Some new features, performance tweaks and improved Document Layout Analysis tools:

  • PDF/A compliance for PdfDocumentBuilder, use PdfDocumentBuilder.ArchiveStandard to select a PDF/A compliance level.
  • Performance improvements to parsing.
  • Clipping support for PdfPaths, now PdfSubpath. Use ParsingOptions.ClipPaths to enable clipping.
  • SVG Exporter in Document Layout Analysis
  • Improvements to Recursive XY Cut algorithm in Document Layout Analysis.
  • Fixes to PDF Merging to support more use-cases. Use PdfMerger.Merge to generate merged PDFs.
  • Proper support for letters and paths in rotated PDF documents, previous locations were incorrect when the page dictionary contained a rotation value.
  • Better support for guessing point size for letters.

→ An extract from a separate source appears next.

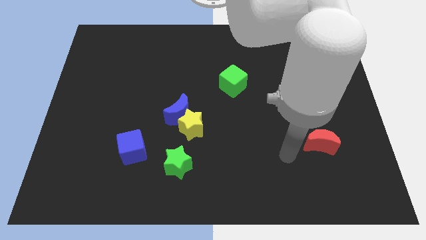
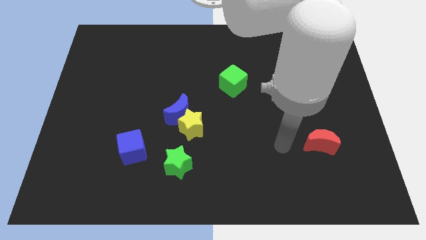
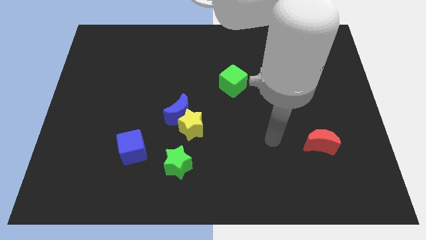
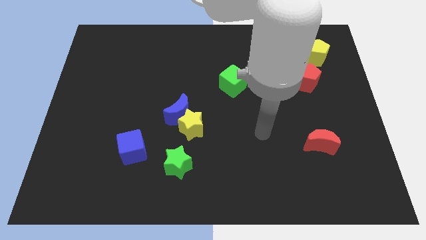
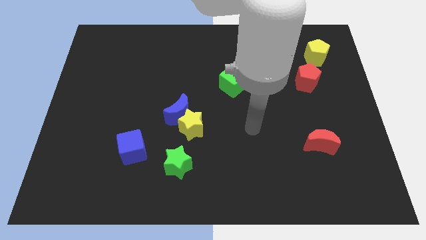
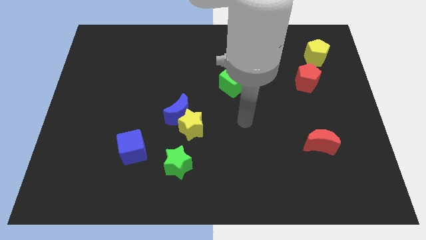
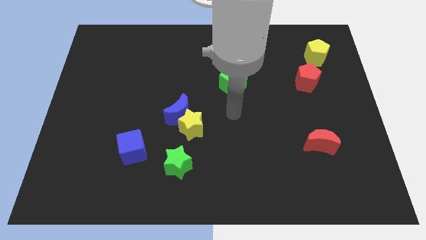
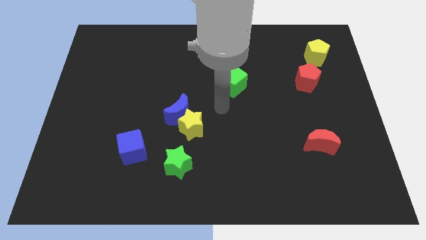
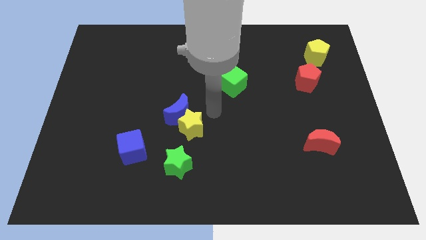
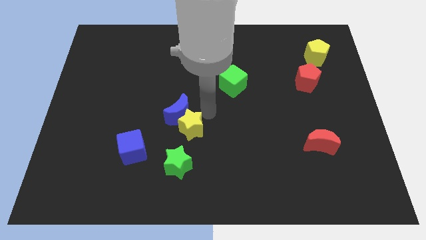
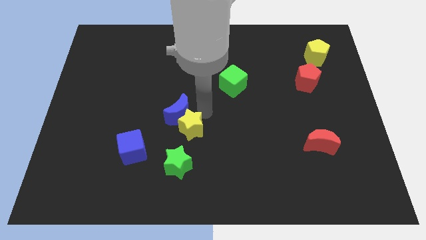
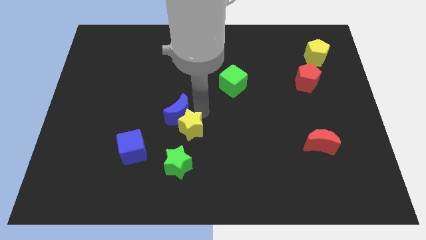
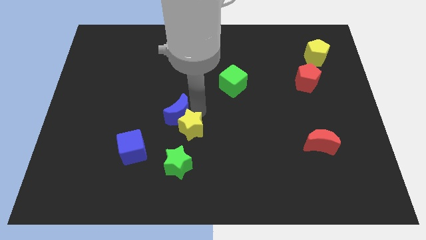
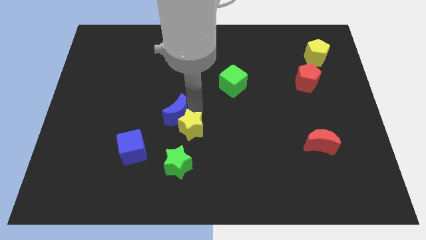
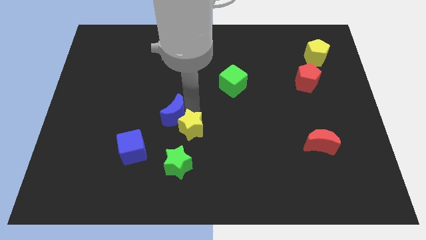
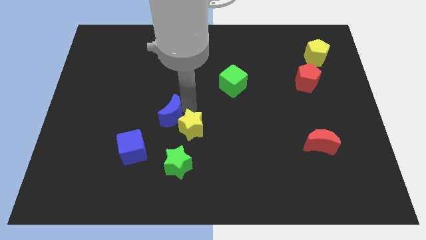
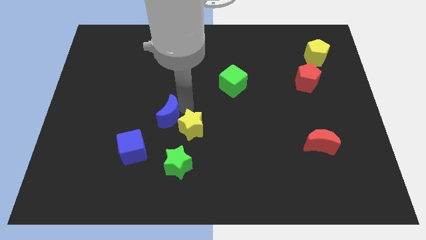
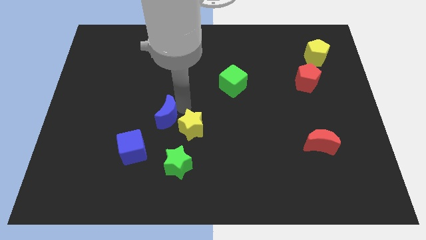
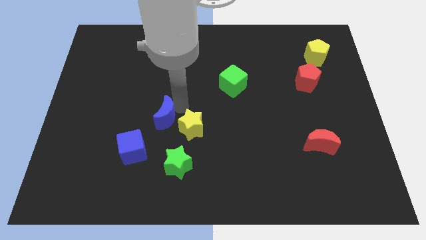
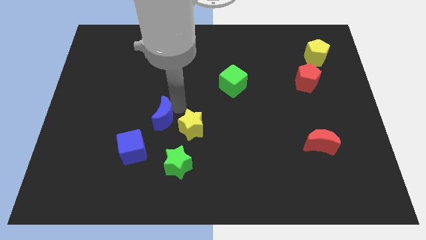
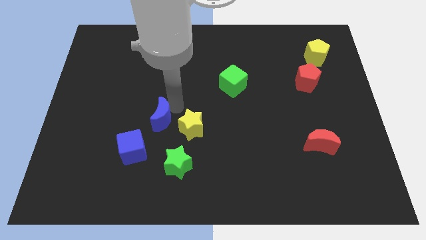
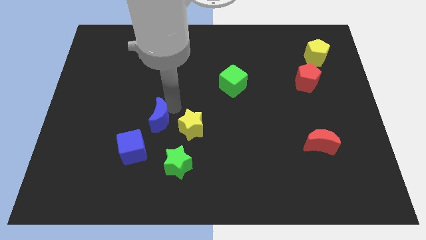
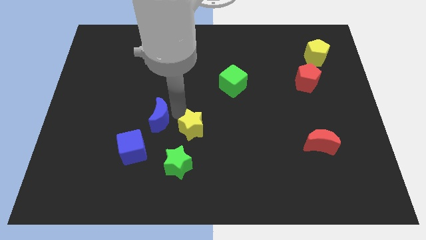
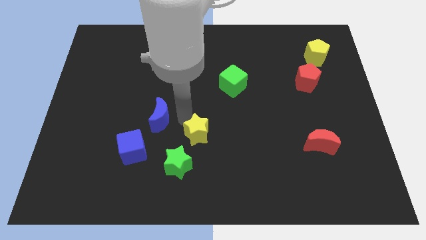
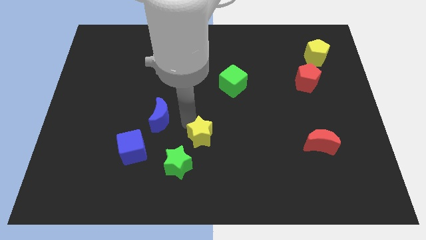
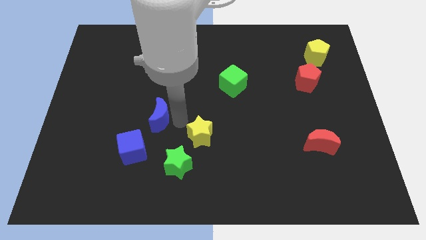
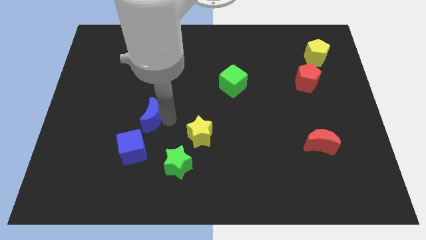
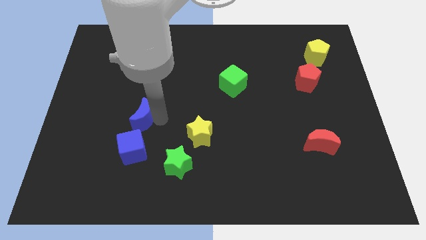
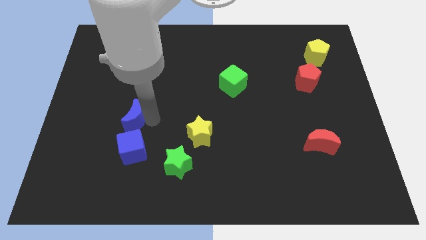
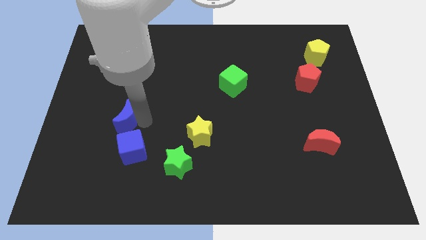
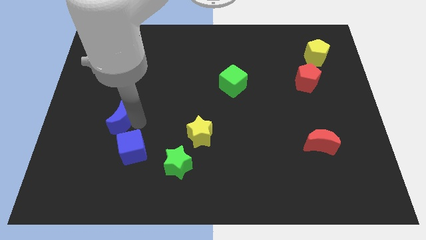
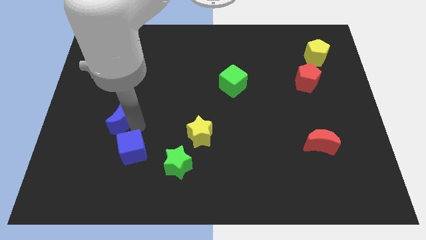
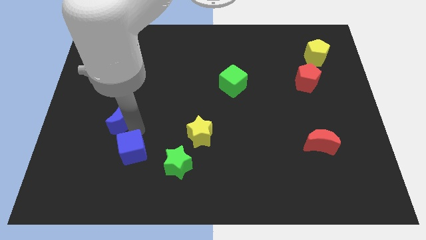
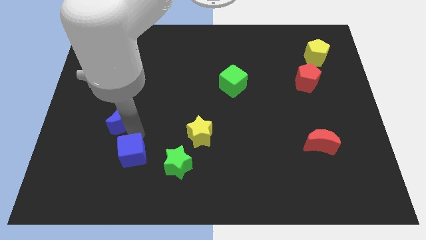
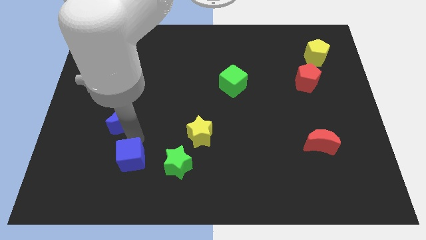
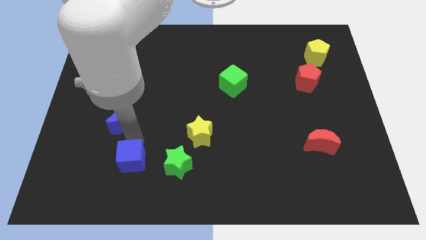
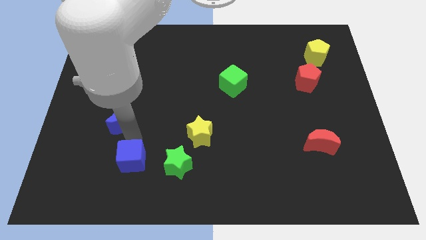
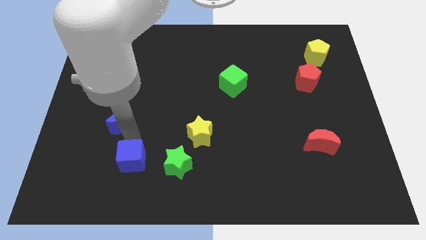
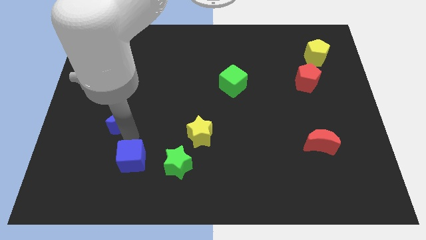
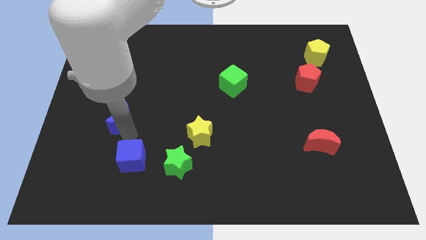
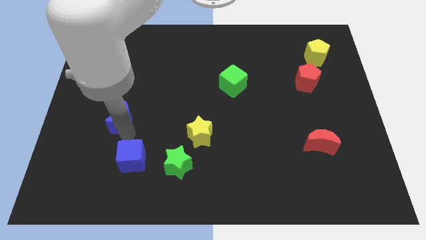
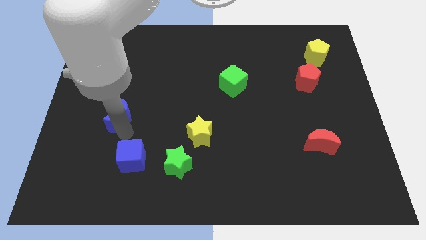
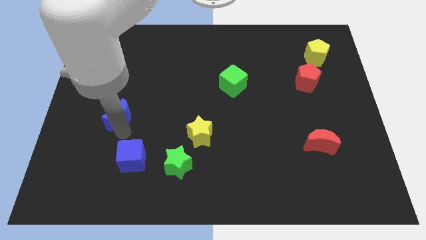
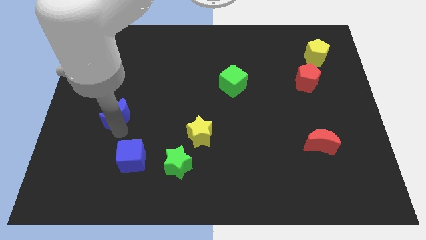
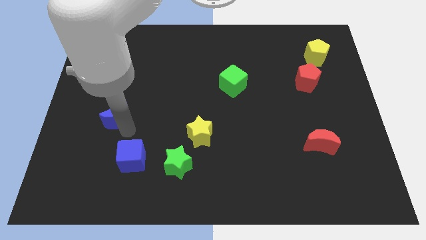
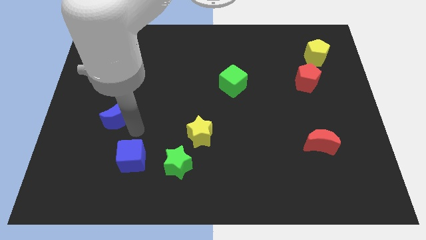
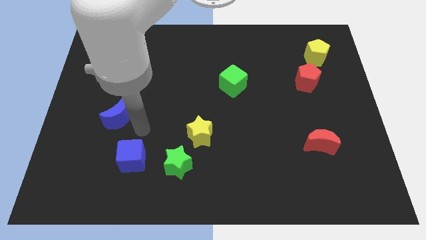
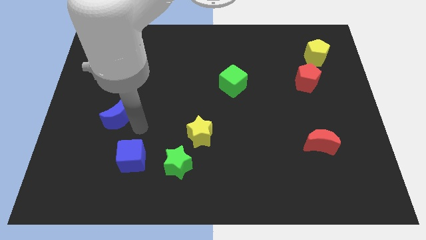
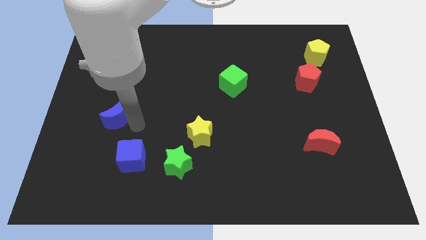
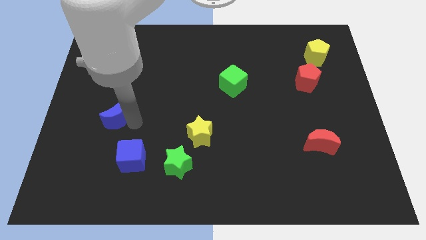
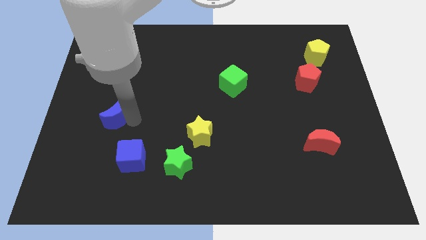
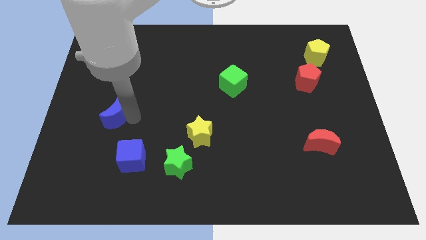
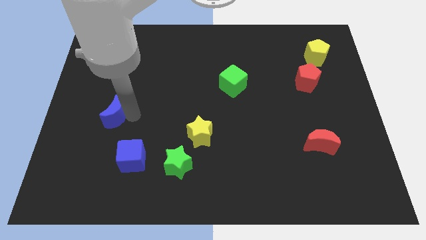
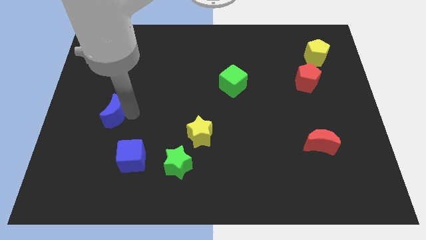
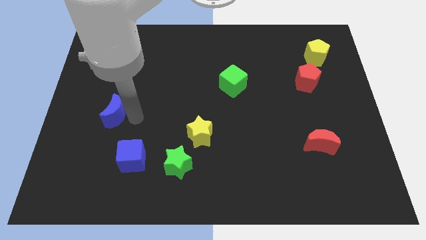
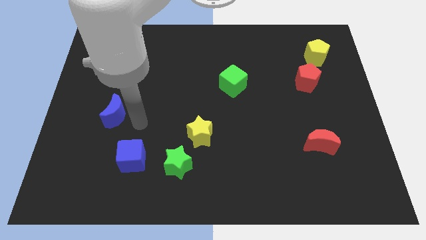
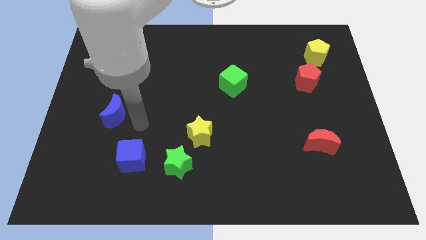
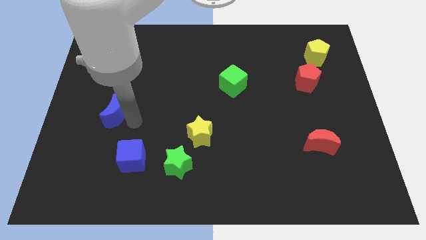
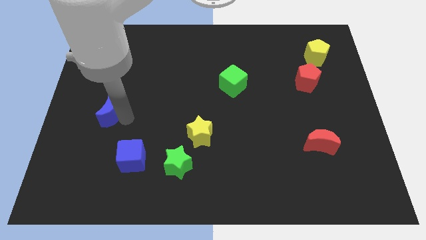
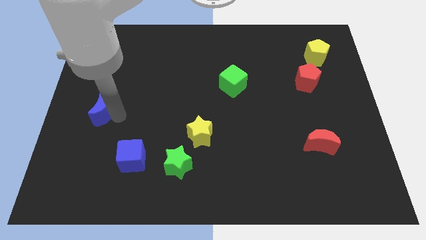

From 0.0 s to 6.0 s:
move the blue moon to the center left

  • ContentTextOrderExtractor in Document Layout Analysis uses the existing content order of text from the page's content stream to generate text as a string.
  • IPdfImage now supports TryGetBytes() instead of Bytes. TryGetBytes returns false for JPXDecode and DCTDecode image filters for which RawBytes represent a valid JPEG image.
  • Font flags such as bold and italic available on Letter.
  • Bugfix for CID fonts.
  • TextDirection is now TextOrientation, various fixes to the calculations of orientation and bounding box for Words.
  • Most Document Layout Analysis algorithms now take in a DlaOptions parameter to specify behaviour.
  • Bugfix to files with large amounts of trailing data.
  • Support for OpenType in CID fonts.